------ Listed records ------
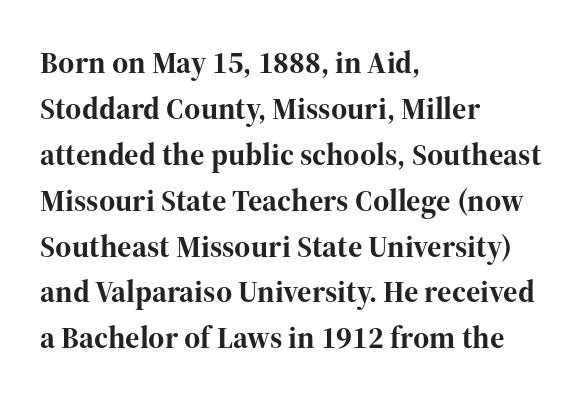
Plain, unruled lines of type. This sample keeps an unexceptional amount of space between lines. The characters display serif detailing at their extremities. Line starts are locked; line ends wander. Nope, not italic — everything's standing straight. Compared with typical body copy, the letter spacing here is the same.
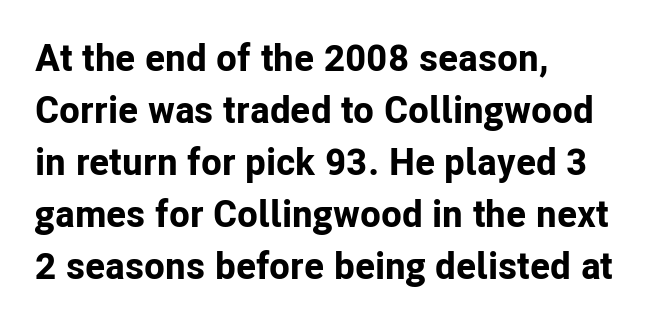
All the whitespace from short lines collects on the right. Quick note: not italic, upright. Chunky letters — that's bold for sure. Spacing verdict: proportional, widths tailored to each character. The block of text has a typical density, with ordinary space between rows. Serif or sans? Sans — the stroke terminals are bare.
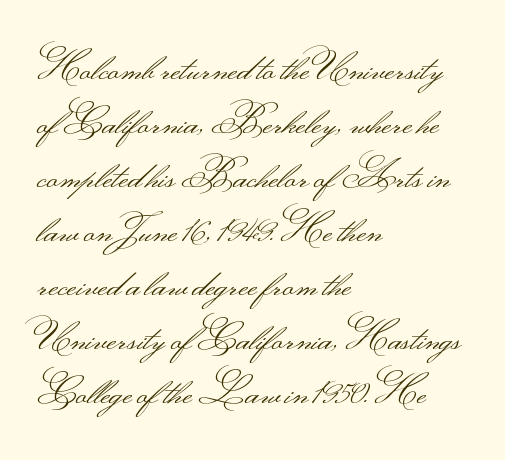
{"serif": "no", "bold": "no", "weight": "light", "width": "wide", "stroke_contrast": "medium", "monospaced": "no", "underline": "no", "align": "left", "line_spacing": "normal", "line_spacing_ratio": 1.42, "letter_spacing": "normal", "letter_spacing_em": 0.0, "glyph_px": 38}
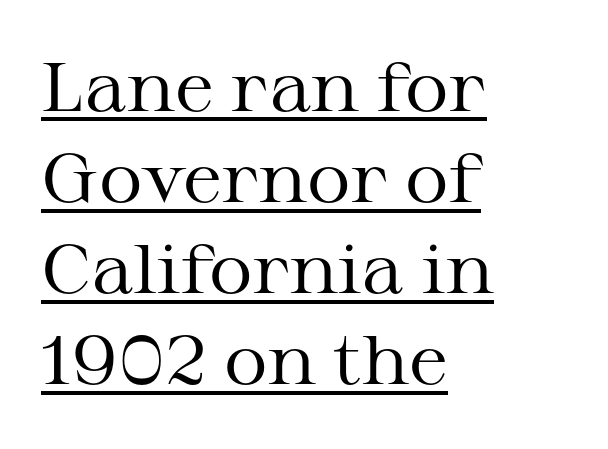
{"serif": "yes", "italic": "no", "bold": "no", "weight": "regular", "width": "wide", "stroke_contrast": "medium", "x_height": "medium", "monospaced": "no", "underline": "yes", "align": "left", "line_spacing": "normal", "line_spacing_ratio": 1.34, "letter_spacing": "normal", "letter_spacing_em": 0.0, "glyph_px": 68}
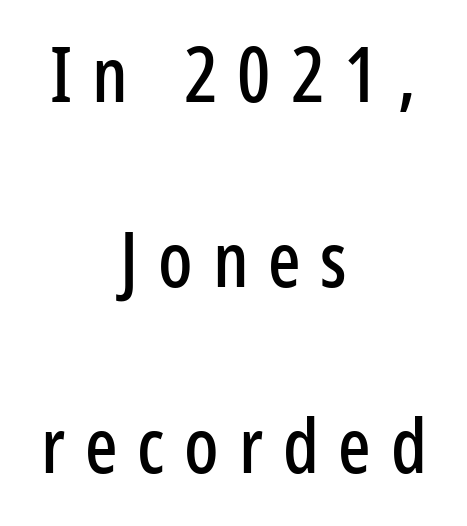
Q: Is the text italic (slanted)? A: No, it is upright.
Q: Is the typeface a serif or a sans-serif typeface? A: Sans-serif.
Q: Is the text underlined? A: No.
Q: How is the paragraph aligned? A: Centered.
Q: Is the spacing between letters normal or unusually wide? A: Unusually wide.
Q: Is the spacing between lines tight, normal or loose? A: Loose.
Q: Width (condensed, normal, or wide)? A: Condensed.
Q: Stroke contrast? A: Low.
Q: x-height? A: Medium.
Q: Monospaced? A: No.
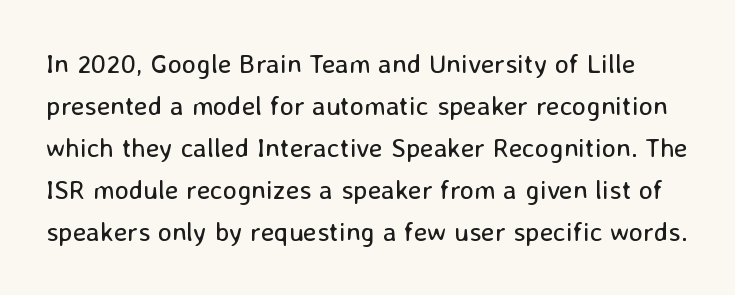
------
* **Task instructions**: Could you output the full set of entries exactly, skipping every picture?

* **Result of this exercise**:
Plain, unruled lines of type. This sample keeps an unexceptional amount of space between lines. The characters display serif detailing at their extremities. Line starts are locked; line ends wander. Nope, not italic — everything's standing straight. Compared with typical body copy, the letter spacing here is the same.
All the whitespace from short lines collects on the right. Quick note: not italic, upright. Chunky letters — that's bold for sure. Spacing verdict: proportional, widths tailored to each character. The block of text has a typical density, with ordinary space between rows. Serif or sans? Sans — the stroke terminals are bare.
{"serif": "no", "bold": "no", "weight": "light", "width": "wide", "stroke_contrast": "medium", "monospaced": "no", "underline": "no", "align": "left", "line_spacing": "normal", "line_spacing_ratio": 1.42, "letter_spacing": "normal", "letter_spacing_em": 0.0, "glyph_px": 38}
{"serif": "yes", "italic": "no", "bold": "no", "weight": "regular", "width": "wide", "stroke_contrast": "medium", "x_height": "medium", "monospaced": "no", "underline": "yes", "align": "left", "line_spacing": "normal", "line_spacing_ratio": 1.34, "letter_spacing": "normal", "letter_spacing_em": 0.0, "glyph_px": 68}
Q: Is the text italic (slanted)? A: No, it is upright.
Q: Is the typeface a serif or a sans-serif typeface? A: Sans-serif.
Q: Is the text underlined? A: No.
Q: How is the paragraph aligned? A: Centered.
Q: Is the spacing between letters normal or unusually wide? A: Unusually wide.
Q: Is the spacing between lines tight, normal or loose? A: Loose.
Q: Width (condensed, normal, or wide)? A: Condensed.
Q: Stroke contrast? A: Low.
Q: x-height? A: Medium.
Q: Monospaced? A: No.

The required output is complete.